Training new model using annotations from ner.manual

Hi,

I’m using customized ner.manual recipe to annotate sentences in the article which I think are the most relevant. I have a dataset with the annotations (that I get after using my recipe) but I’m not sure how can I use it to train the en_core_web_lg model so it can pick for me if the article is important or not, and if it is suggest the relevant sentences?

I tried using terms.to-patterns to create pattern file, but it returns the whole text of the document rater than the selected sentences.

If you’re annotating at the sentence level, you should really try using the textcat recipes instead of the NER recipes. The NER model doesn’t really have good features for the internal structure of the span — it reads the text one word at a time, and tries to predict the start and end positions.

After you’ve trained the model to predict the importance label, you can then use it to filter sentences for further processing, e.g. if you have more entity type labels you want to apply.

We’re planning to write a more detailed guide about this, but I think a common difficulty people have with NLP is that a lot of the most important decisions are about how to break your application needs down into some set of learning problems. For instance, in your case you’ve seen that you need labelled spans, where the spans are sentences and the label is “is it important?”. The NER model takes text and outputs labelled spans – so it seems like a natural choice! However, there are other possible solutions, especially by composing rule-based and ML approaches.
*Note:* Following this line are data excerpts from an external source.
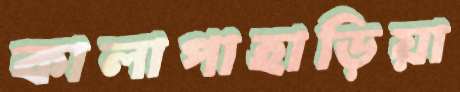
কালাপাহাড়িয়া
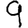
Digit: 9
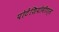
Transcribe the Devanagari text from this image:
पोटेंशियोमीटर्स

If you know the spans will be sentences, then the learning problem can be much easier if you impose that constraint upfront, since sentences are reasonably easy to detect. This makes the learning problem much easier: the model only has to learn the importance label, instead of having to learn the label jointly with the definition of a sentence. The joint approach takes a lot more data to train, because the model has to get two pieces of information correct at once. While it’s still making errors on the sentence boundaries, it can’t tell that it’s making progress on the importance labelling, and vice versa.

Thank you for your reply!

I’m still not entirely sure how should I approach my problem.

I’m only using 1 label, lets say IMPORTANT and I have a bunch of articles that contain certain key words that might have more than one meaning, such as “target”. At the moment I’m using ner.manual to display the whole body of the article. If article relates to “target” as a company and contains some relevant informations (e.g. latest profits etc. ) I label the relevant sentences (not the whole text) as IMPORTANT and chose accept, however when I come across irrelevant document (regarding “target” in other context than company name) I simply click reject. I would like to be able to train the model so in the future it can filter the relevant articles automatically and pick the important sentences for me.

Do I understand you correct, should it be split into 2 separate tasks? First picking the relevant document and then picking the important sentence?